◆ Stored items
--*--

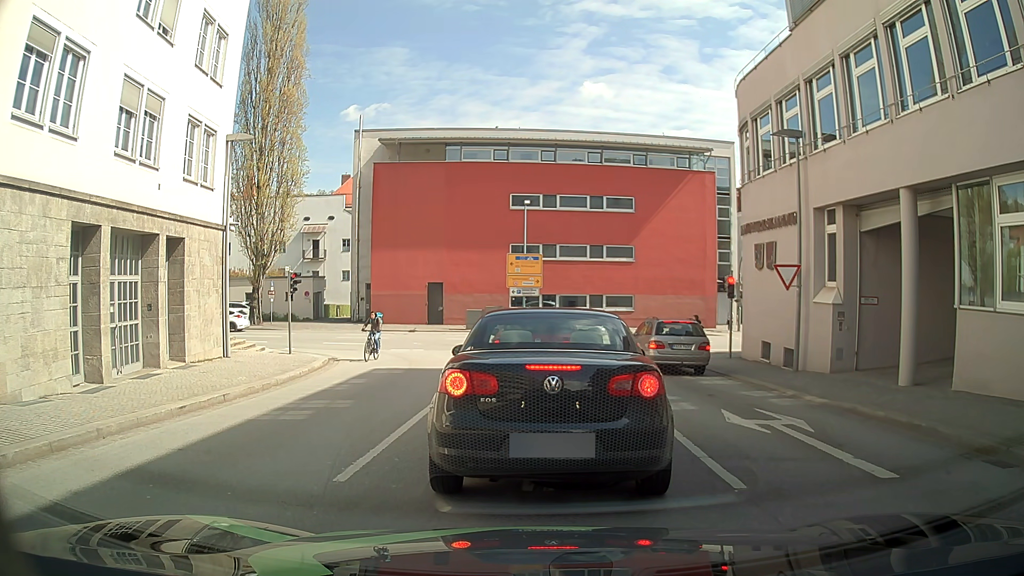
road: tertiary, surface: asphalt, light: Day
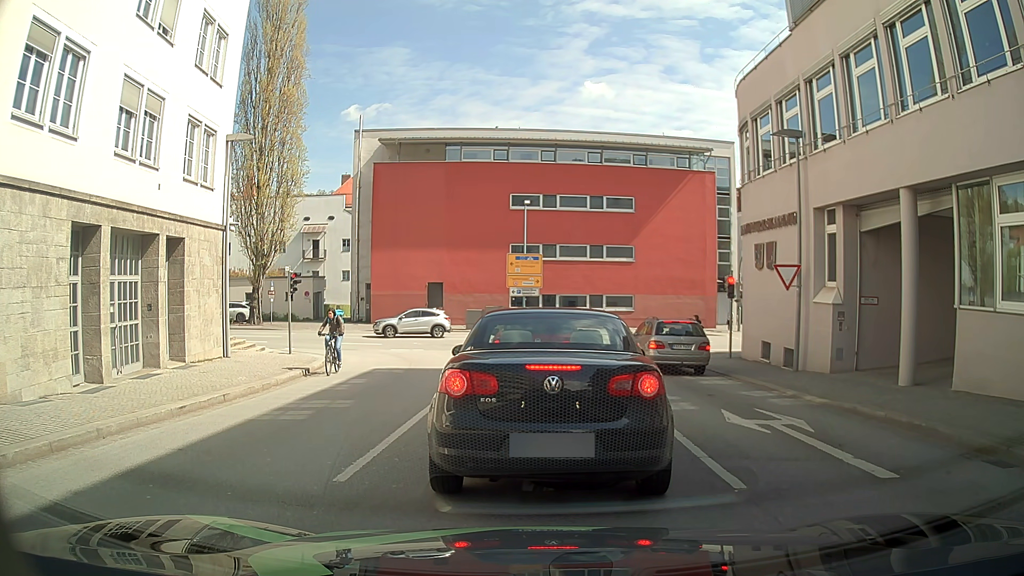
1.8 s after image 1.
(0.0, 0.0) m; 0°
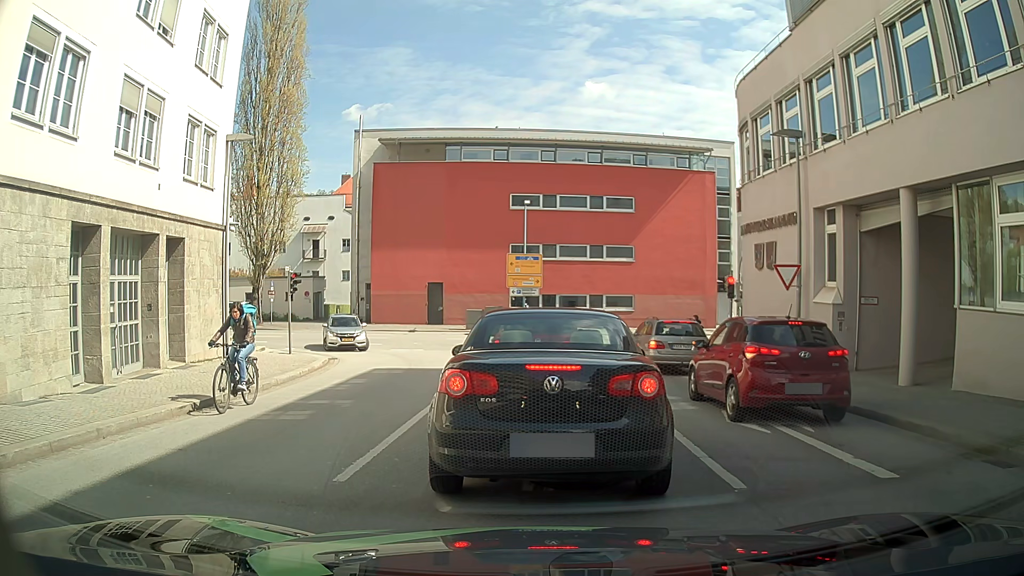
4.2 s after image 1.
(0.0, 0.0) m; 0°
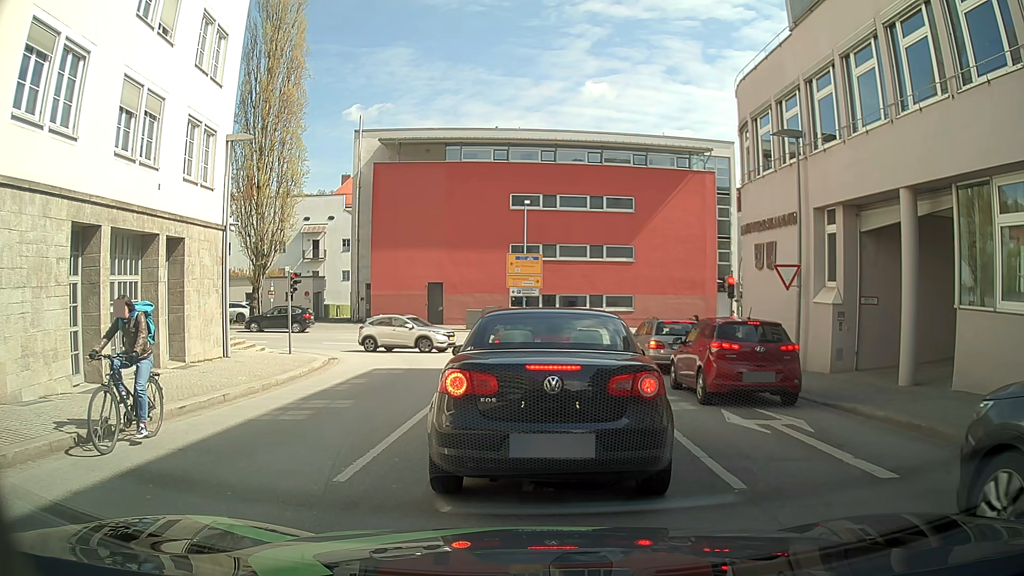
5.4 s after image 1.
(0.0, 0.0) m; 0°
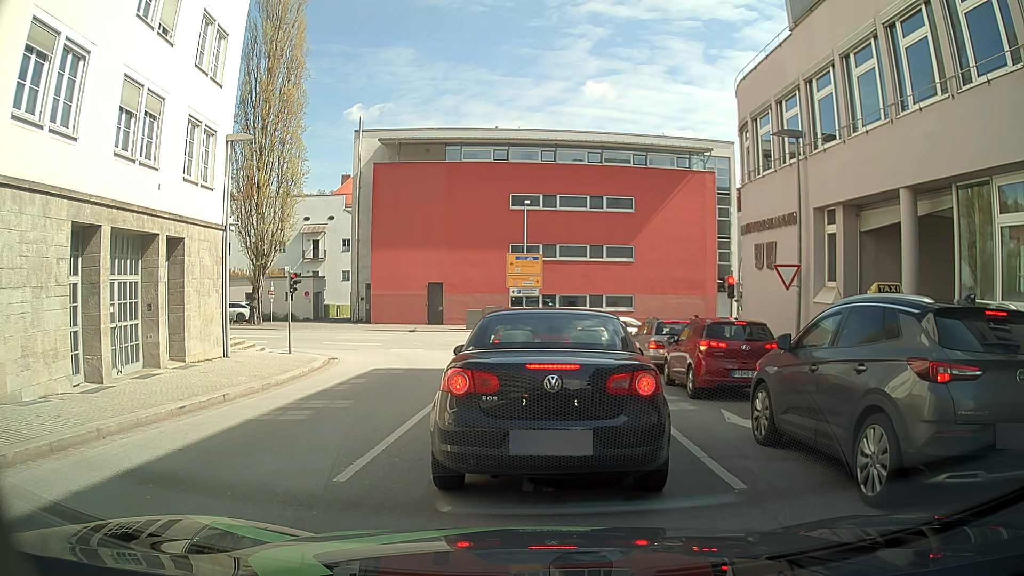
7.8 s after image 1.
(0.0, 0.0) m; 0°
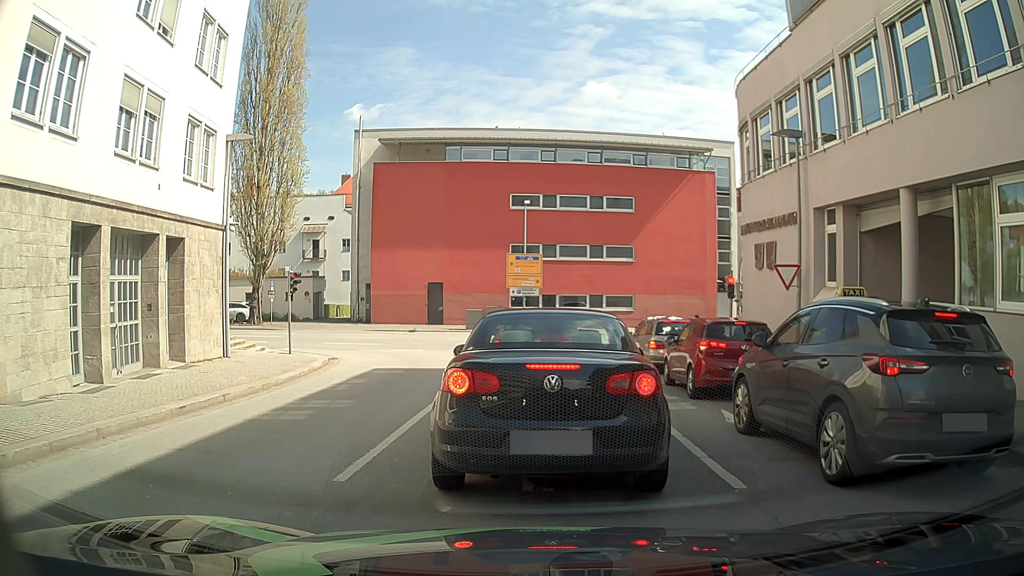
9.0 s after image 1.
(0.0, 0.0) m; 0°
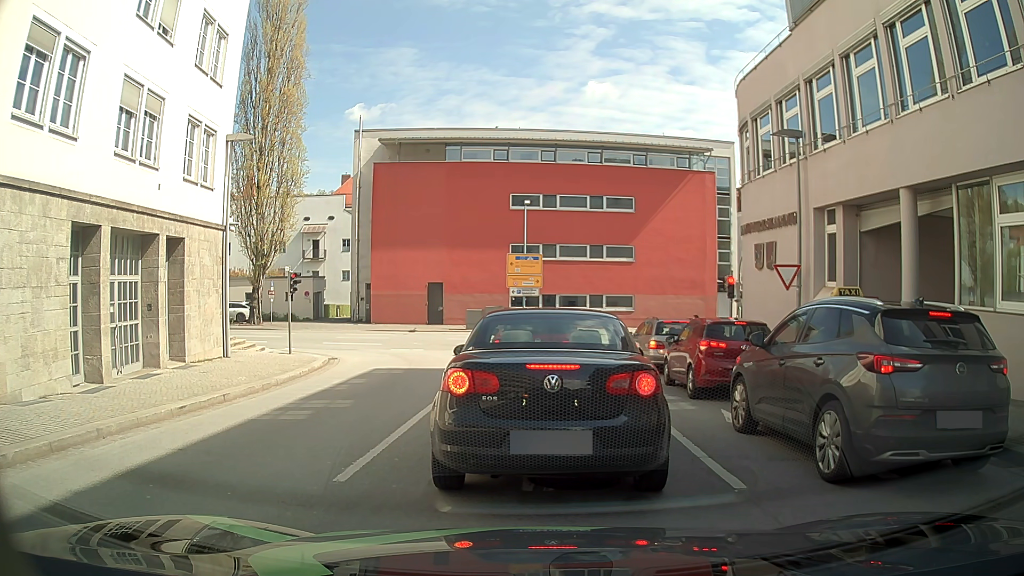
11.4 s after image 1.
(0.0, 0.0) m; 0°
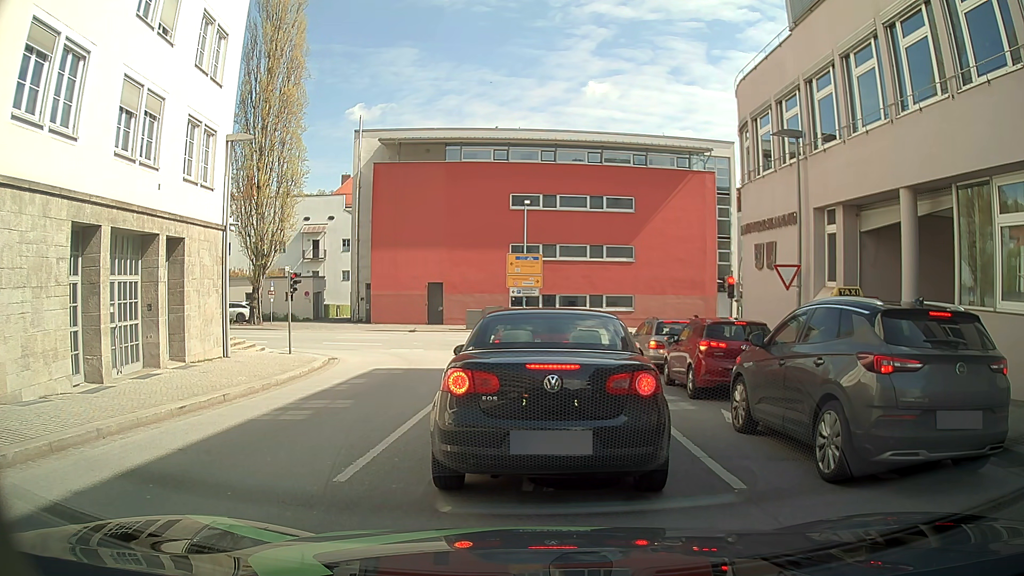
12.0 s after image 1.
(0.0, 0.0) m; 0°

--*--

◆ Task
Print each record exactly as it stands, leaving the images out.

◆ Task output
road: tertiary, surface: asphalt, light: Day
1.8 s after image 1.
(0.0, 0.0) m; 0°
4.2 s after image 1.
(0.0, 0.0) m; 0°
5.4 s after image 1.
(0.0, 0.0) m; 0°
7.8 s after image 1.
(0.0, 0.0) m; 0°
9.0 s after image 1.
(0.0, 0.0) m; 0°
11.4 s after image 1.
(0.0, 0.0) m; 0°
12.0 s after image 1.
(0.0, 0.0) m; 0°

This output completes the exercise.